I wasn't able to find NumFOCUS's one-pager template that was mentioned in the meeting, but I got a pretty good idea of what they're looking for by reading some of the one-pager's in the 2020 annual report. Unfortunately there doesn't seem to be a web link, so the only way to view this is to download the report, then ctrl+f for "one-page" and click on the icons to download the individual one-pagers for projects.

Anyways, to summarize what I got from reading several of these is that there are four main sections:

  1. A project summary - short paragraph, high level
  2. A section entitled either "Use Cases" or "Applications" that describes how the project is typically used. 3 bullets total.
    • Most projects provide specific examples here (e.g. the Event Horizon Telescope uses NumPy, Amazon AWS uses conda-forge, etc.)
  3. A "Planned Features" section - Big-ish refactors/features that your project aims to undertake. 3 bullets total.
  4. A "Project Needs" section that reads like "if you had money, what would you spend it on, and how much work do you estimate each of the listed projects would require". 3 bullets total.

I've done my best to seed each of these sections. The summary I derived largely from the landing page at networkx.org, but it could certainly be improved.

Section 2 was the one I had most trouble with: I added some high-level bullets to represent generic "use-cases", but I think it would be better if we had specific, concrete examples. I did a quick perusal of our dependencies on GitHub to try to come up with ideas.

I seeded section 3 mostly by grabbing bullets out of the roadmap.
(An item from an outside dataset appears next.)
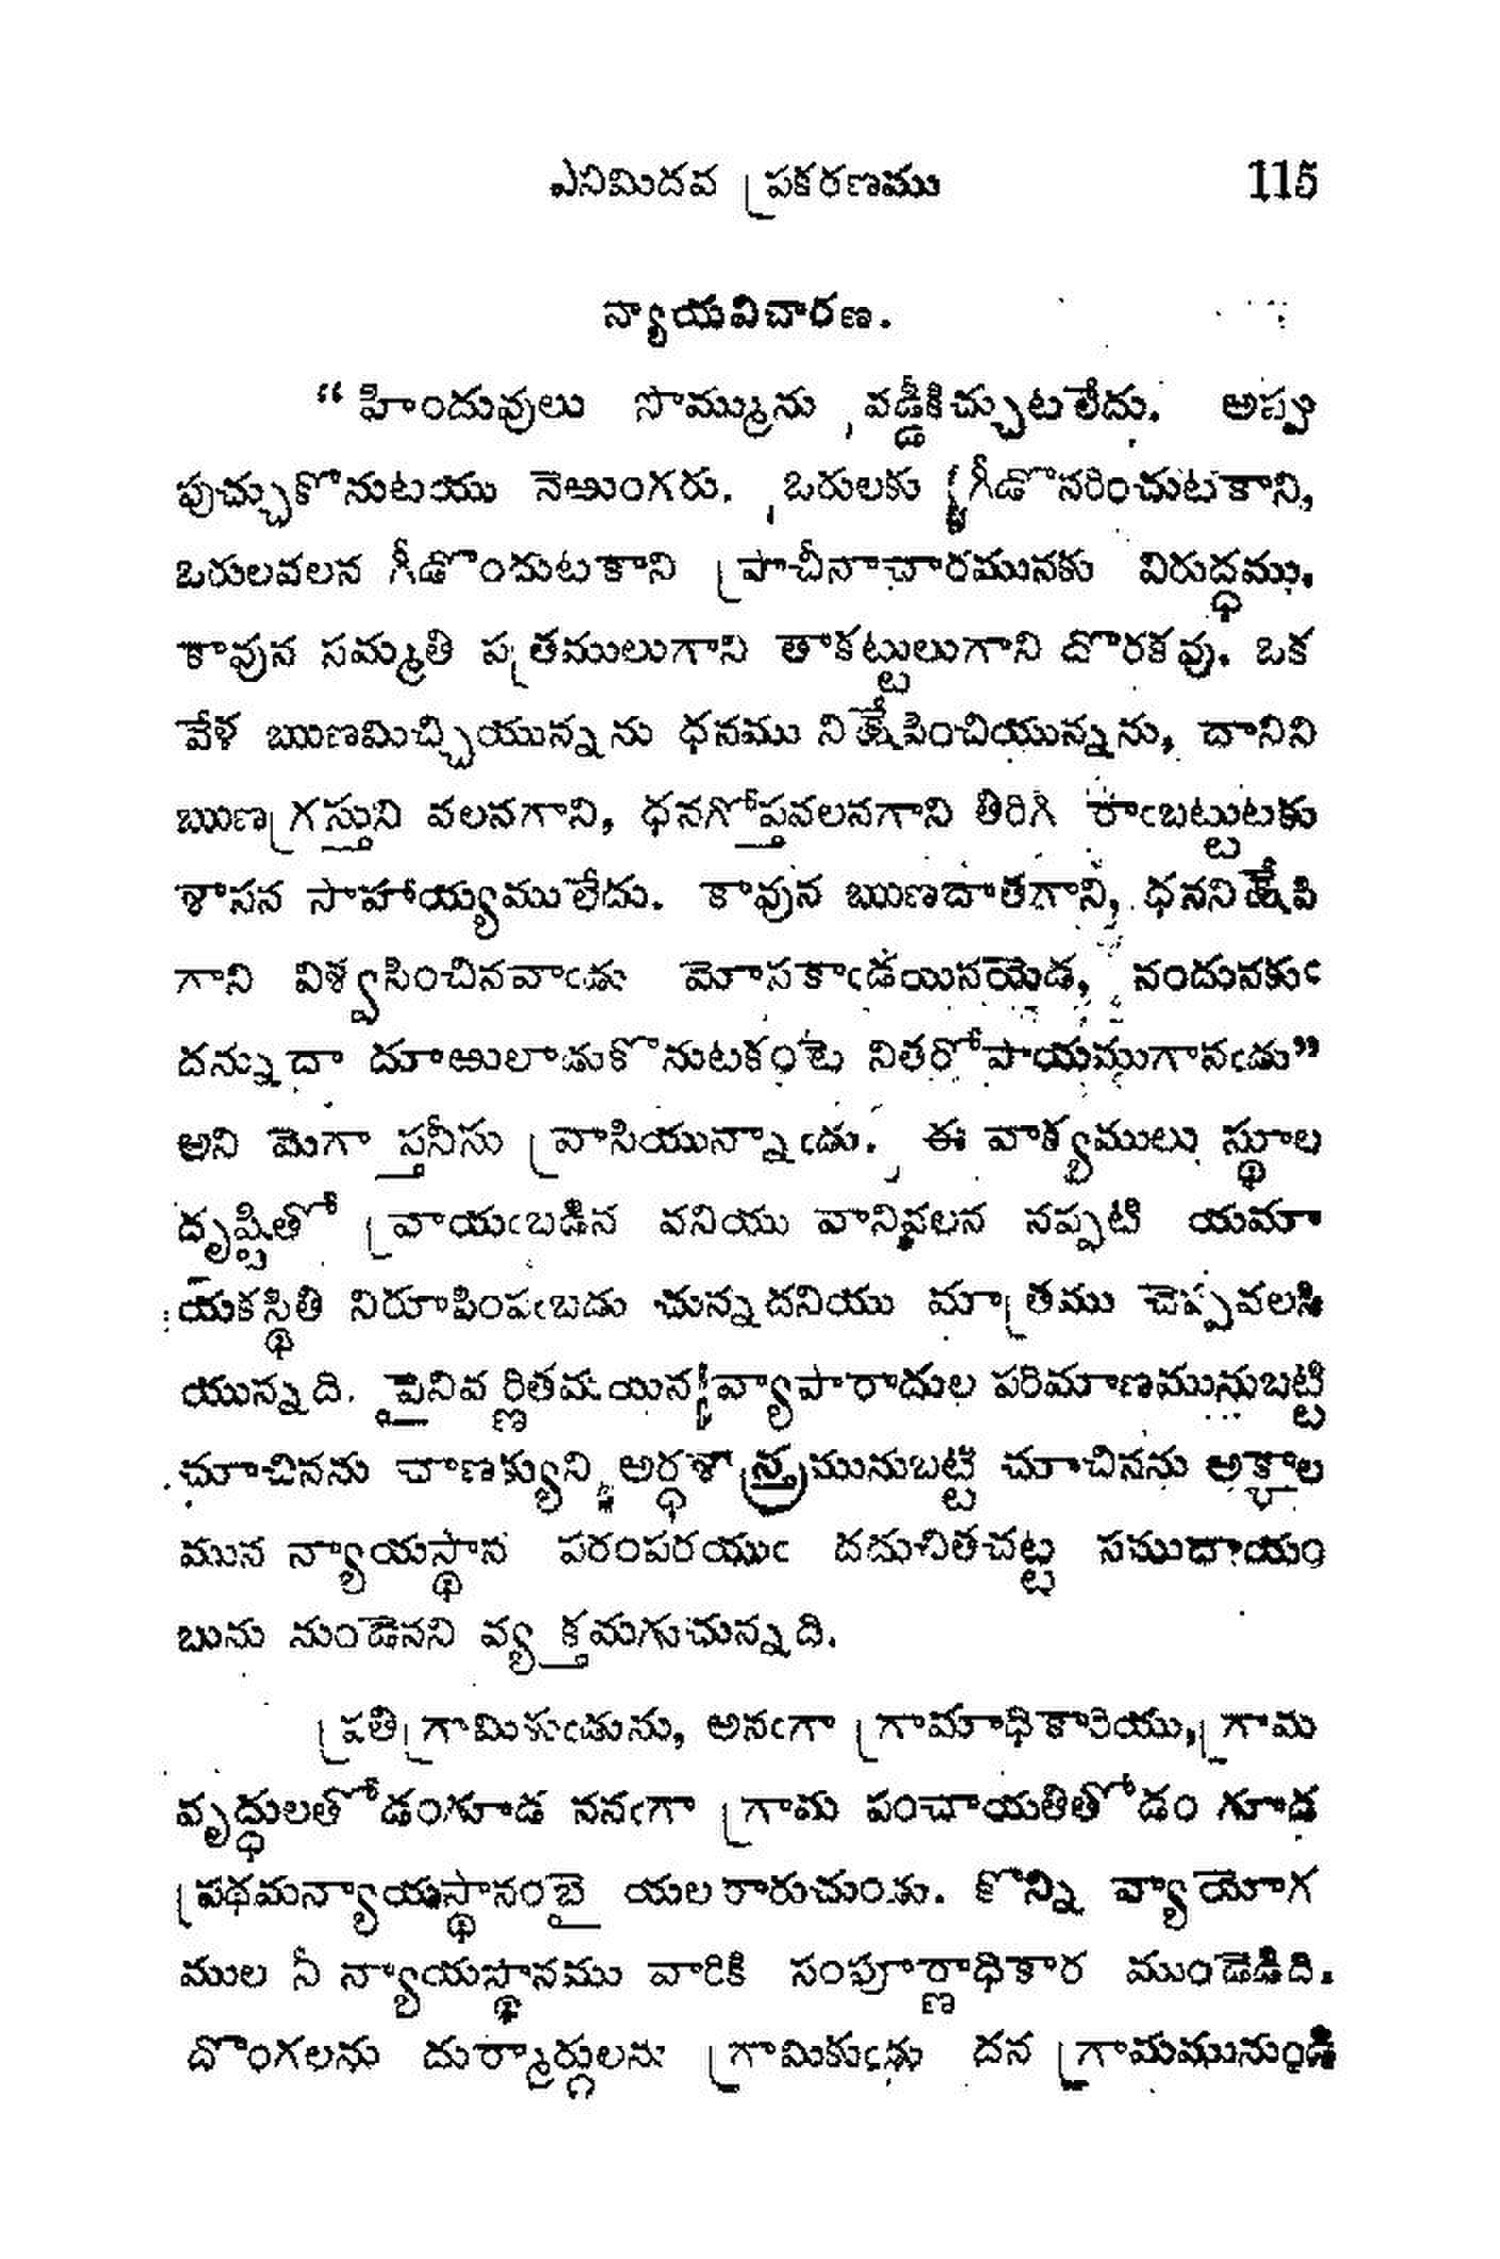న్యాయవిచారణ

"హిందువులు సొమ్మును, వడ్డీకిచ్చుట లేదు. అప్పు పుచ్చుకొనుటయు నెఱుంగరు. ఒరులకు గ్రీడొనరించుటకాని, ఒరులవలన గీడొందుటకాని ప్రాచీనాచారమునకు విరుద్దము. కావున సమ్మతి పత్రములుగాని తాకట్టులుగాని దొరకవు. ఒక వేళ ఋణమిచ్చియున్నను ధనము నిక్షేపించియున్నను, దానిని ఋణగ్రస్తుని వలనగాని, ధనగోప్తవలనగాని తిరిగి రాఁబట్టుటకు శాసన సాహాయ్యము లేదు. కావున ఋణదాతగాని, ధననిక్షేపిగాని విశ్వసించినవాఁడు మోసకాఁడయినయెడ, నందునకు దన్నుదా దూఱులాడుకొనుటకంటె నితరోపాయముగానఁడు” అని మెగాస్తనీసు వాసియున్నాఁడు. ఈ వాక్యములు స్థూల దృష్టితో వాయఁబడిన వనియు వానివలన నప్పటి యమాయకస్థితి నిరూపింపఁబడు చున్నదనియు మాత్రము చెప్పవలసి యున్నది. పైనివర్ణితమయిన వ్యాపారాదుల పరిమాణమునుబట్టి చూచినను చాణక్యున్ని అర్థశాస్త్రమునుబట్టి చూచినను అక్కాలమున న్యాయస్థాన పరంపరయుఁ దదుచితచట్ట సముదాయంబును నుండెనని వ్య క్తమగుచున్నది.

ప్రతి గ్రామికుఁడును, అనఁగా గ్రామాధికారియు, గ్రామ వృద్దులతోడంగూడ ననఁగా గ్రామ పంచాయతితోడం గూడ పథమన్యాయస్థానంబై యలరారుచుండు. కొన్ని వ్యాయోగముల నీ న్యాయస్థానము వారికి సంపూర్ణాధికార ముండెడిది. దొంగలను దుర్మార్గులను గ్రామికుఁడు దన గ్రామమునుండి

Finally, for the "project needs" section, I tried to capture a couple of the things we've discussed in past meetings/grant proposals. Most projects provide a dollar amount for each bullet, but I noticed that conda gave their "needs" in terms of developer-hours. I thought that gave us more wiggle room so I copied that pattern, though the values I came up with were basically arbitrary (1 developer-year each for visualization & interop/computations backend, etc.).